Ma, come dicevamo, il problema esiste. Ed è molto sfidante, come sanno bene molti genitori dei 355mila bebè nati nel 2025 in Italia. E sì, il rumore di una lavatrice o un giro in auto aiutano, come vedremo meglio in seguito.

Non è un caso che si sia deciso di sostituire l’espressione “coliche” con un più generico sindrome da distress infantile nelle nuove linee guida Roma V pubblicate dalla Rome Foundation, un’organizzazione internazionale di esperti che studia i disturbi legati all’interazione tra l’intestino e il cervello.

Tra coliche e sindrome, non è solo una questione di nome 

Oltre al nome, cambiano i criteri per diagnosticare il problema. Finora, infatti, le coliche dei bebè si usava la “regola del tre” stabilita all’inizio degli anni Cinquanta da un pediatra statunitense: un bambino doveva iniziare prima dei tre mesi a piangere almeno tre ore al giorno, per almeno tre giorni a settimana, almeno tre settimane di fila. La sindrome da distress infantile si diagnostica invece quando il bambino, prima di compiere cinque mesi, comincia a piangere o agitarsi a lungo senza apparente motivo, con episodi che si ripetono nel tempo e che i genitori non riescono né a prevenire né a risolvere in alcun modo. 

Le cause misteriose del pianto inconsolabile del neonato

Qui i dottori anti-bufale alzano le mani: “Non sappiamo ancora con certezza che cosa provochi la sindrome da distress infantile. In passato, infatti, si pensava che il disagio derivasse dalla presenza di aria nella pancia o da un reflusso di acidi gastrici dallo stomaco all’esofago, ma nessuna di queste teorie ha retto alla prova di studi controllati sull’efficacia di farmaci specifici che, se queste fossero state le cause, avrebbero dovuto apportare beneficio”.

Un’interessante linea di ricerca riguarda la composizione del microbiota intestinale, che in questi bimbi potrebbe essere più uniforme, con una minore varietà di microrganismi, rispetto a quello dei coetanei che non soffrono di “coliche”. Alcuni studi mostrano un certo beneficio dalla somministrazione di alcuni probiotici, cioè ceppi batterici vivi che dovrebbero avere un’azione benefica sull’intestino, “ma si tratta di dati che richiedono ulteriori conferme”, precisano i dottori anti-fakenews.

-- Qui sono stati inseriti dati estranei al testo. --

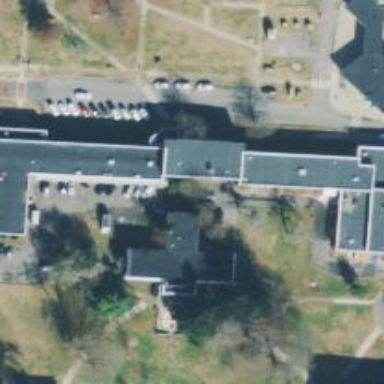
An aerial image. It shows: University building with various amenities.
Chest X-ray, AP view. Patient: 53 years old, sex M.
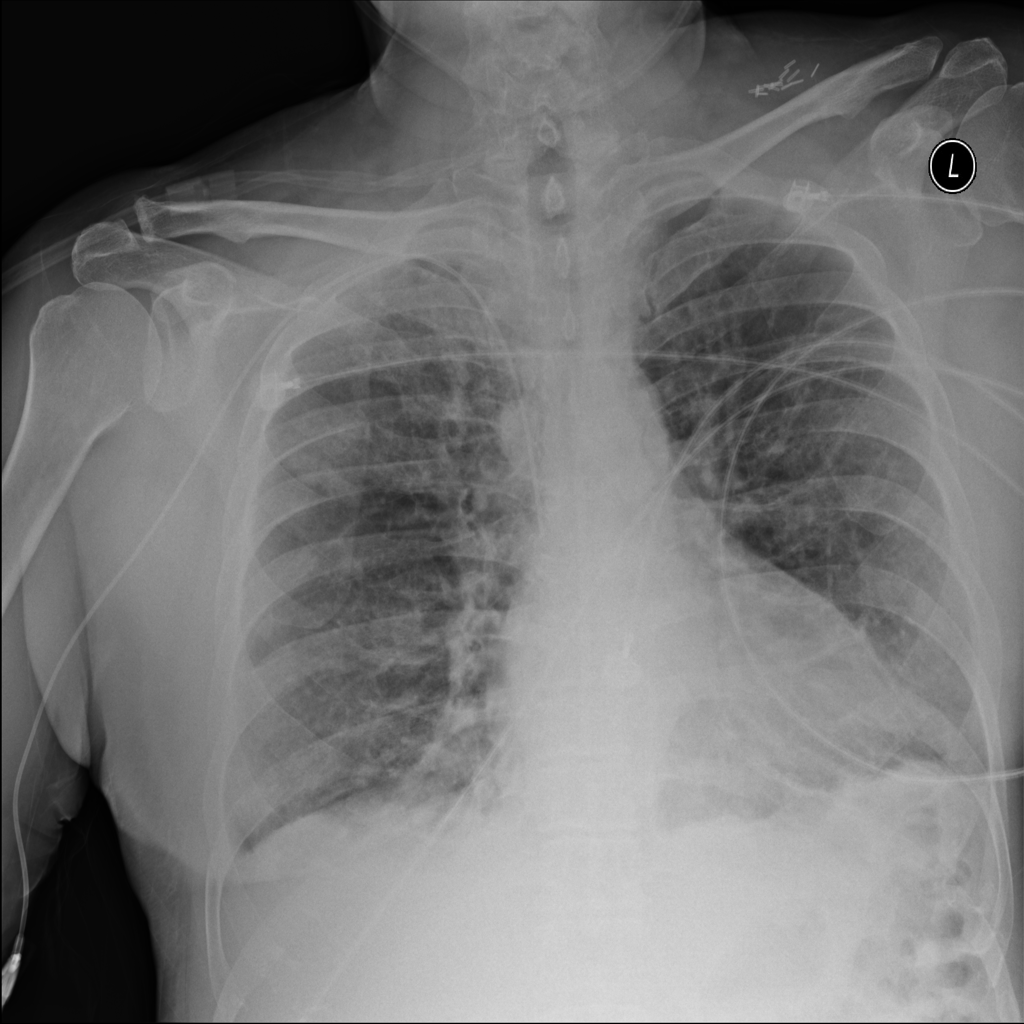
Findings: Infiltration
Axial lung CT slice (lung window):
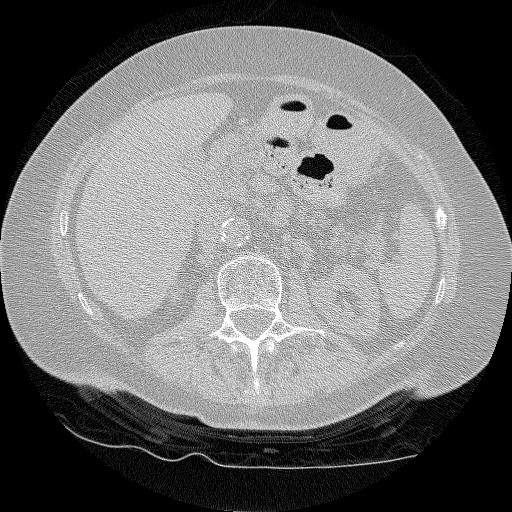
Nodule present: no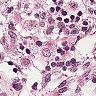
Metastatic tissue present: no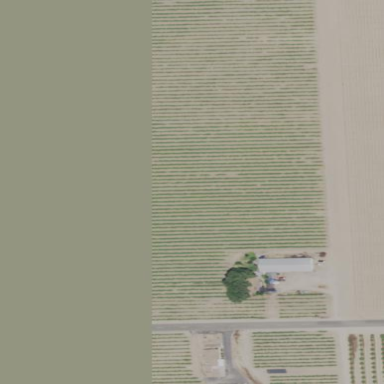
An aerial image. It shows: Vineyard growing grapes.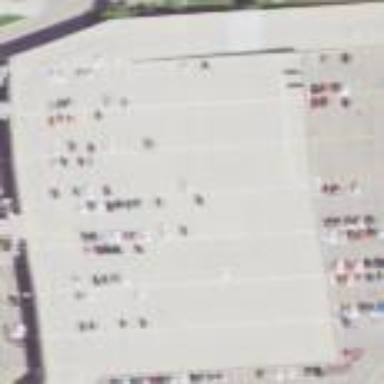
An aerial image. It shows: Building with rooftop parking area.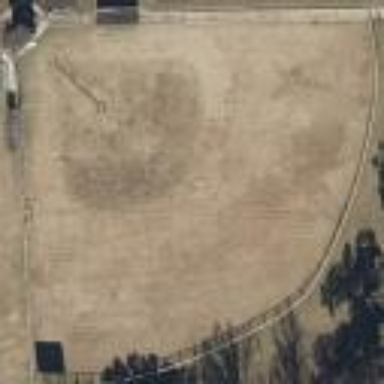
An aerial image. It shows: Baseball pitch for leisure land activities.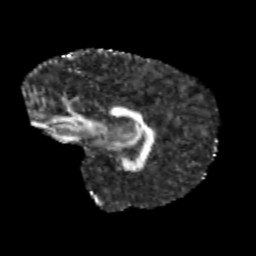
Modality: FA
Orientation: sagittal
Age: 11
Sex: male
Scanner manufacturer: siemens
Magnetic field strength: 3 T
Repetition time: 3.8 s
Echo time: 0.07 s
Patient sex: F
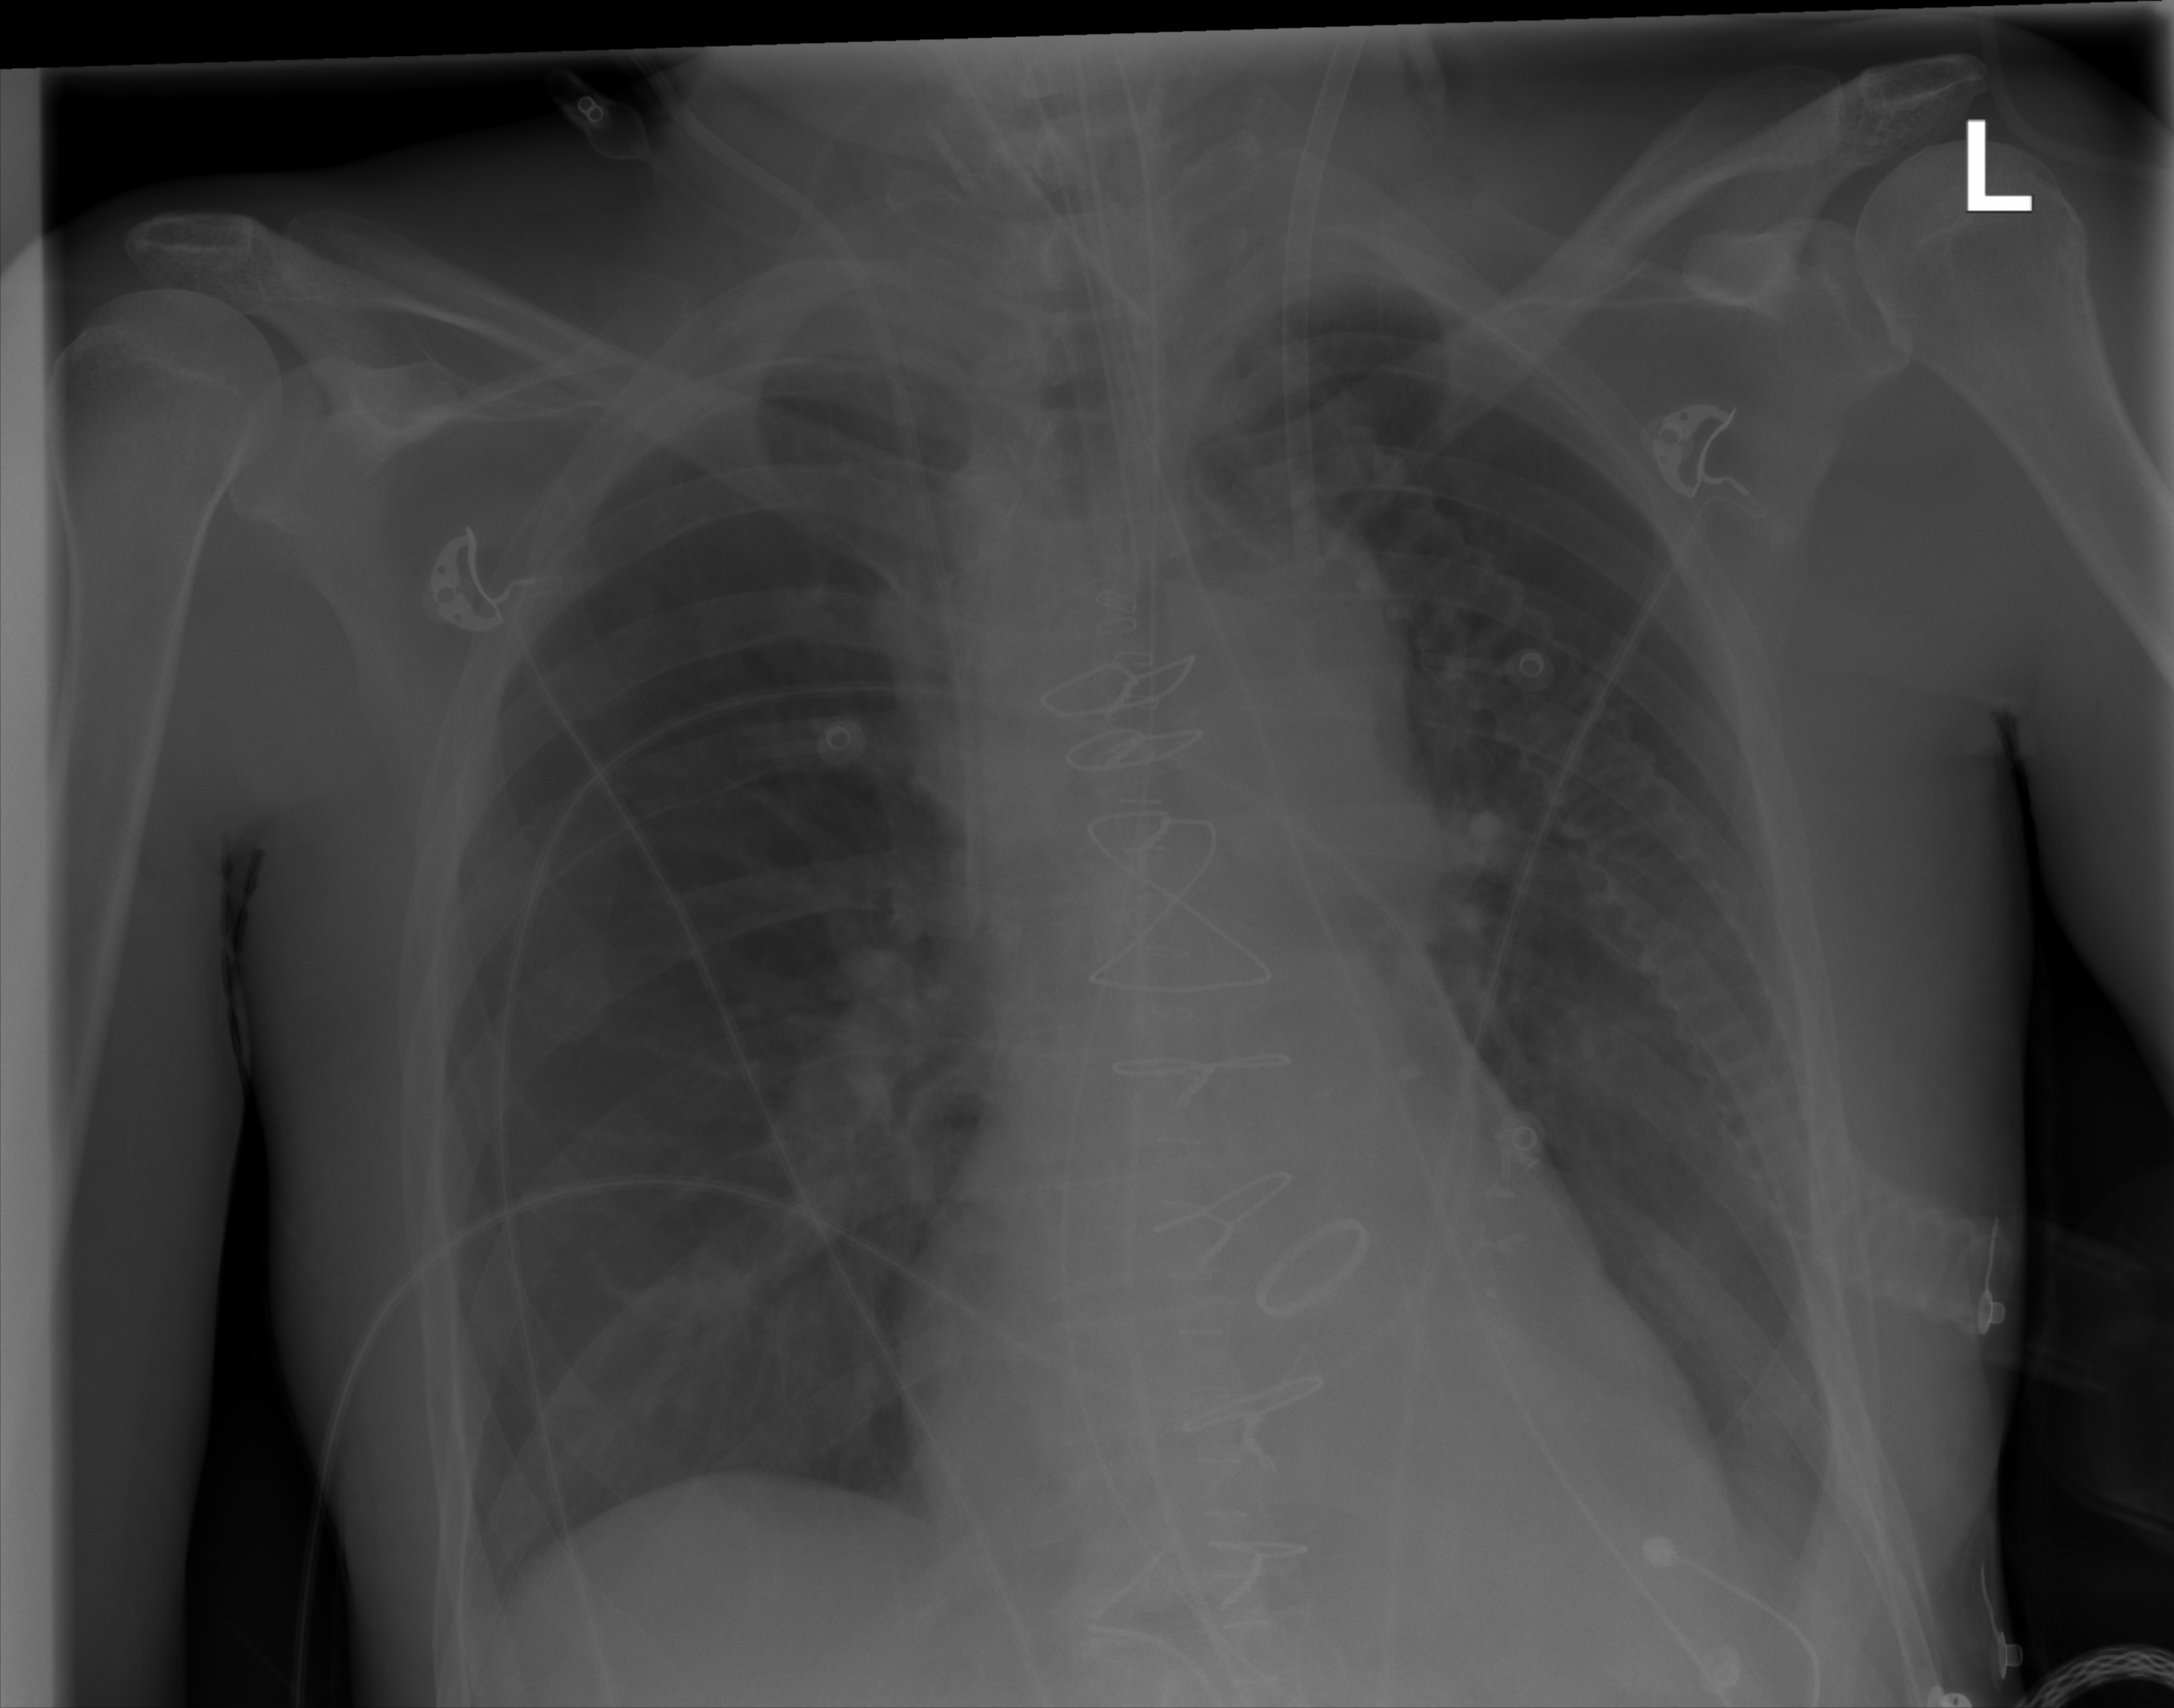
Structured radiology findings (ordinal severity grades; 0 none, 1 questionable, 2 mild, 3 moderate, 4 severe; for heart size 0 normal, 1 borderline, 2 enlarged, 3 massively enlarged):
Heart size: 0
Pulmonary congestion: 0
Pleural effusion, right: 0
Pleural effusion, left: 1
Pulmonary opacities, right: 0
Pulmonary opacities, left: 0
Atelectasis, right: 0
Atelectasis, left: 1

Coliche o sindrome? Cosa fare

Come gestire questo fenomeno? Occorre verificare che il bebè “non abbia dolore da qualche parte, fame o sete, caldo o freddo, che non abbia sporcato il pannolino o non sia soggetto a un’eccessiva stimolazione da parte dell’ambiente in cui si trova. Se rimediare a queste possibili fonti di disagio non basta a calmarlo, si possono provare varie strategie:

Prendere in braccio il bambino e cullarlo, magari camminando per la stanza, avvolgendolo in una copertina soffice, cantando e parlandogli dolcemente;

Piegarsi avanti e indietro mentre lo si tiene in braccio, oppure trovare altri modi per farla o farlo dondolare;

Massaggiargli gentilmente la schiena;

Cambiargli posizione, tirandolo su seduto se era sdraiato o girandolo col viso verso l’esterno;

Tenerlo vicino a suoni bassi e ritmici, come il rumore della lavatrice, di un ventilatore o la registrazione del battito di un cuore, o più in generale a quelli che vengono definiti “rumori bianchi”,

Uscire a fare un giro in macchina, il cui movimento e rumore calma molti bambini;

Provare a dargli o darle un ciuccio.

Ma attenzione: il pianto inconsolabile da coliche può mettere in crisi anche mamma e papà. Ecco perchè i dottori anti-bufale raccomando agli adulti che si prendono cura del bambino di tutelare “la propria serenità, chiedendo e accettando aiuto, per evitare di alimentare un circolo vizioso” che finisce per peggiorare la situazione.  Una raccomandazione da non dimenticare.